Vivre et mourir sont les verbes les plus importants de l’Homo vivens. Car l’un autorise l’aventure, quand l’autre la clôt. Pourtant, malgré cette supériorité aléthique, nos deux verbes disposent de moins de liberté d’expression que les autres. Ils ne peuvent pas se conjuguer aussi librement que les autres. Et quand ils le peuvent, ils sont de toute façon largement conditionnés par le contexte. Comme aujourd’hui.
D’abord, vivre et mourir ne peuvent pas se conjuguer au passé. On ne peut pas dire « je suis mort », ou « j’ai vécu ». La science du vivant nous apprend qu’une telle chose est impossible. Je ne parle pas du langage courant qui autorise la nuance entre un sens propre et un sens figuré. Ce qui m’intéresse ici c’est ce qu’on a le droit de dire sans violer les lois qui assignent nos corps à résidence. Je ne peux pas dire « je suis mort », car si je suis mort j’ai alors perdu la capacité de m’en rendre compte. Je ne peux pas dire non plus « j’ai vécu », car si j’ai vécu je suis alors dans l’incapacité de le faire savoir. Peut – être la science physique propose t’elle quelques pistes exotiques, avec les multivers d’Everett : je peux alors mourir dans un monde mais pas dans l’autre. De telle sorte que moi vivant dans un monde je puisse dire « je suis mort » dans l’autre monde. Mais bon. A ce jour on n’a jamais vu quelqu’un nous revenir d’un de ces autres mondes pour nous signaler le cas.

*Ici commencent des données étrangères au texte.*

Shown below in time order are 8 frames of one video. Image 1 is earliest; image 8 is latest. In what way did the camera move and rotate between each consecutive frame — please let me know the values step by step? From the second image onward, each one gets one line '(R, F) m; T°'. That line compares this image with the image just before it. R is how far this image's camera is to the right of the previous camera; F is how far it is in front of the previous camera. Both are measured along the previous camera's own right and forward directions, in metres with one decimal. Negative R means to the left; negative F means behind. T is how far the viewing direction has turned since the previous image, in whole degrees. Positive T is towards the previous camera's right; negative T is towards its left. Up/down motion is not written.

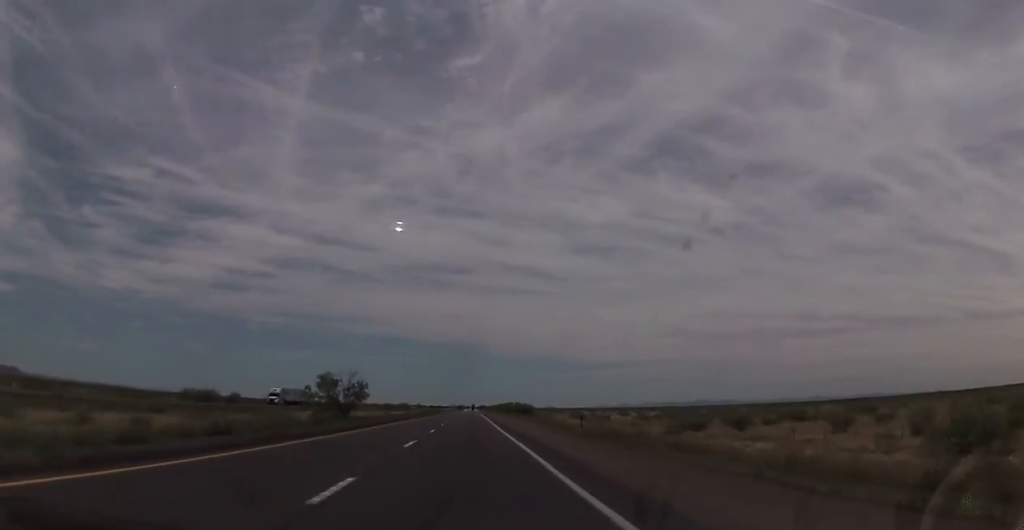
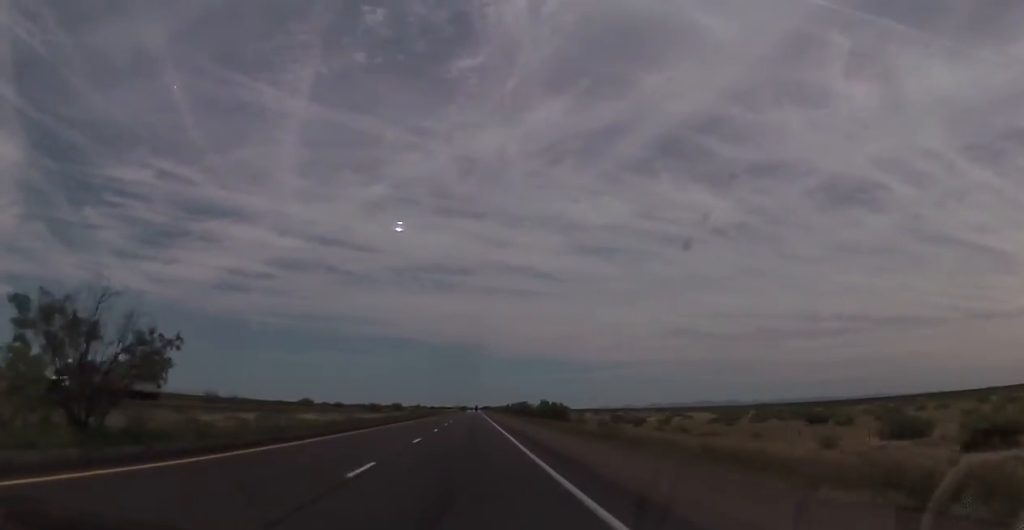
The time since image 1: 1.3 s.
(+0.1, +45.2) m; 0°
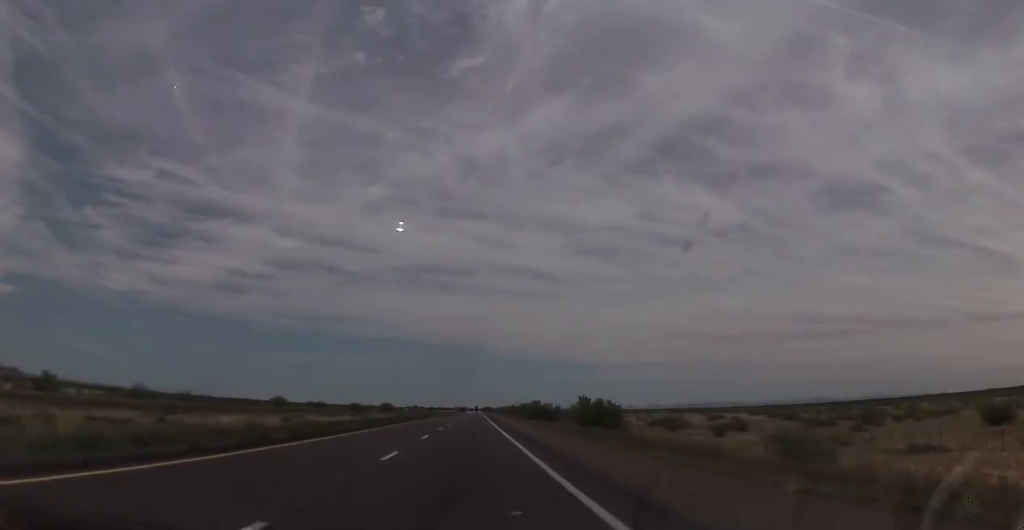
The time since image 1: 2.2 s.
(-0.1, +32.3) m; 0°
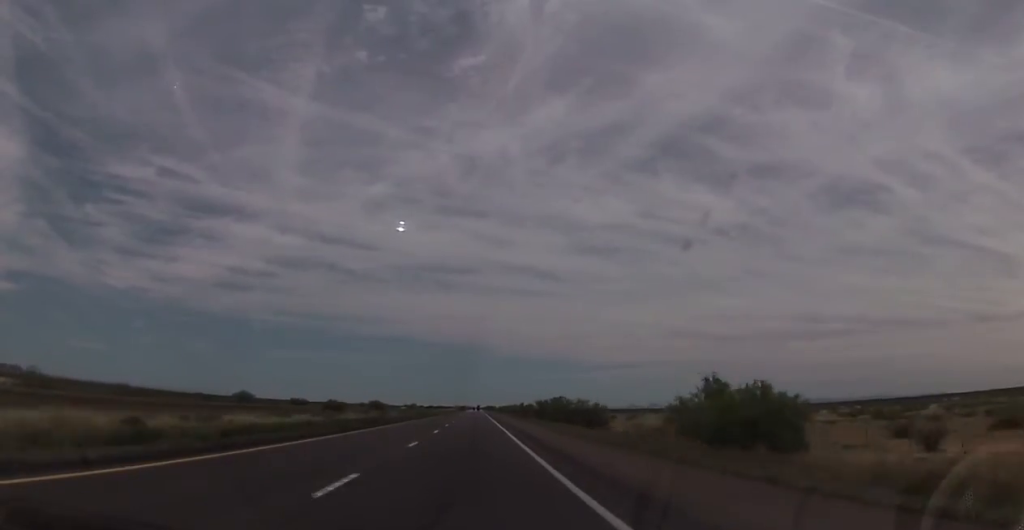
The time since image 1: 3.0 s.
(0.0, +31.2) m; 0°
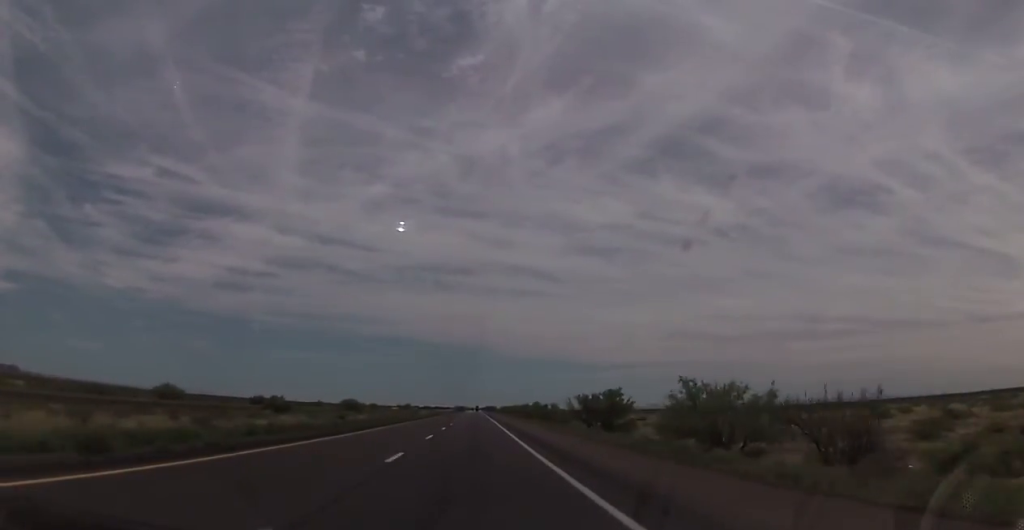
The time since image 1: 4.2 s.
(-0.1, +42.4) m; 0°
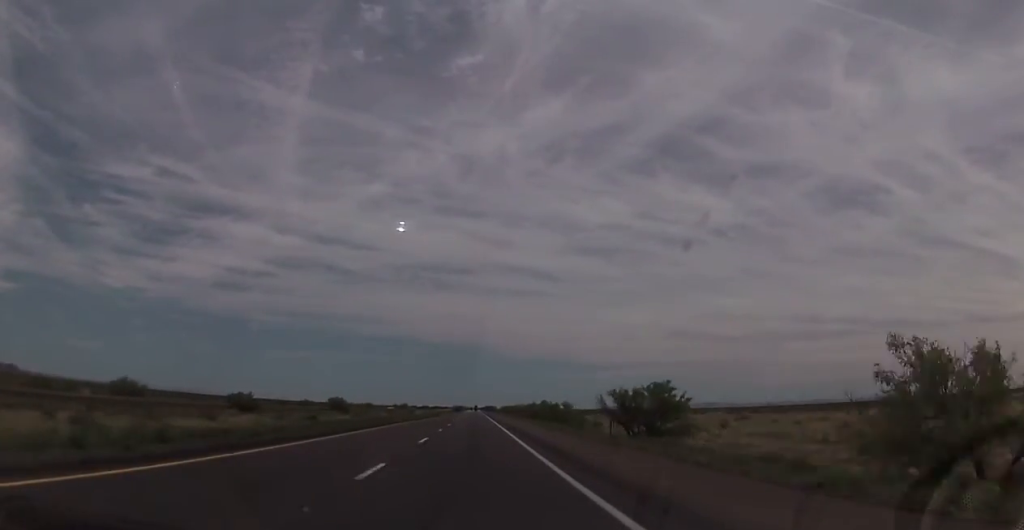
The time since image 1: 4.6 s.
(+0.1, +15.7) m; 0°
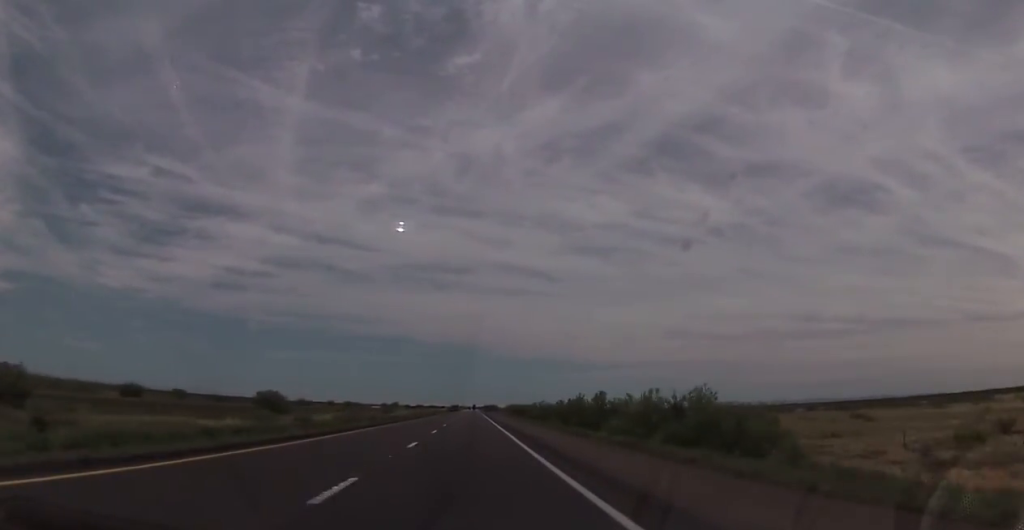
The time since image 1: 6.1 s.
(+0.1, +51.9) m; 0°
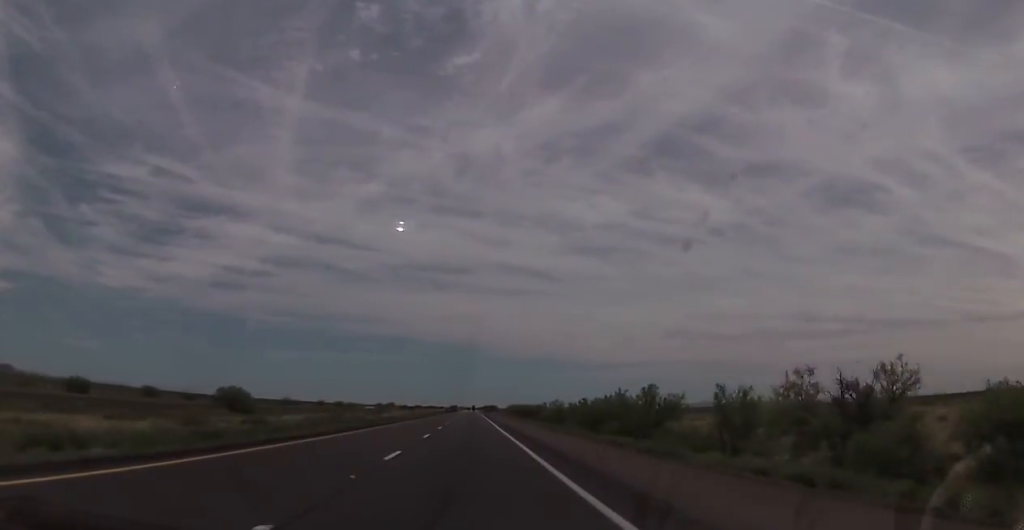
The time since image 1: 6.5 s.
(0.0, +16.9) m; 0°

Ensuite, vivre ne peut pas se conjuguer au futur alors que mourir oui. Il s’agit d’une première nuance entre les deux verbes. On ne peut pas dire « je vais vivre ». Car pour dire cela il faudrait ne pas vivre, or si je ne vis pas, je me retrouve dans l’incapacité physique de conjuguer. On n’a jamais vu un « non vivant » saisir un bescherelle. Par contre, je peux dire « je vais mourir ». C’est une possibilité. Il n’y aucune certitude à priori sur la date prévue, mais il y a une forme de conviction que cette histoire va mal se terminer et que « je vais mourir » un jour. Ainsi, « je vais vivre » non, mais « je vais mourir » oui. Toutefois. « Je vais mourir » est une expression dont la charge morbide peut aussi évoluer en fonction du contexte. Par exemple, dans le cas d’une fin de vie assistée ou d’une justice pénale de type agressive, nous savons que ce « je vais mourir » n’a pas la même intensité que le « je vais mourir » que l’on peut dire un banal jour de spleen. Mais ce n’est pas terminé. Car cette fameuse charge morbide peut aussi s’étendre à tout un pan d’une population, au même moment et pour les mêmes raisons. Par exemple, dans le cas d’une dégradation subite et brutale du climat géopolitique. Hystérie des temps modernes. Dans ce cas, le « je vais mourir » change de statut. Il devient une forme de point aveugle dont personne n’arrive à apprécier la distance.
Enfin nous abordons le dernier cas. Vivre peut se conjuguer au présent mais pas mourir. Je peux dire « je vis », c’est une expression courante et qui fonctionne autant au sens propre qu’au sens figuré. Une seule condition nécessaire et suffisante est requise, que je sois vivant. Si je suis vivant, alors je suis à priori bien placé pour le savoir. Toutefois, il peut arriver certains cas où le doute habite le vivant. Par exemple, des cas où le présent donne l’impression de pouvoir disparaitre à chaque instant. Le vivant se retrouve alors comme suspendu entre le vide et le néant, dans l’attente que le temps se déride. Mais rien ne se passe, car plus rien n'est prévisible. Le présent n’a plus cette incorrigible manie d’anticiper le futur, car il est peut être le dernier instant. Je peux alors dire « je vis », mais de manière dégradée en quelque sorte. Par contre, je ne peux pas dire « je meurs ». C’est impossible. Essayez de bouger avant votre reflet dans le miroir. C’est la même idée et c’est aussi impossible. Vous ne pouvez pas dire « je meurs », car si vous le dites c’est que vous êtes encore vivant et donc pas mort. Et si vous êtes mort, alors vous êtes inapte à l’expression de votre triste condition. Toutefois. Il arrive des cas où les conditions deviennent tellement anxiogènes qu’elles interrogent le vivant. Comme si le quotidien obligeait à se frotter les yeux pour vérifier que l'on est pas mort encore mais bien vivant. Parce que la menace est devenue une constante, l'effroi une seconde nature. Peut - être alors ce cas là autorise t’il un « je meurs » qui n’est plus vraiment un sens figuré mais ressemble furieusement à un sens propre.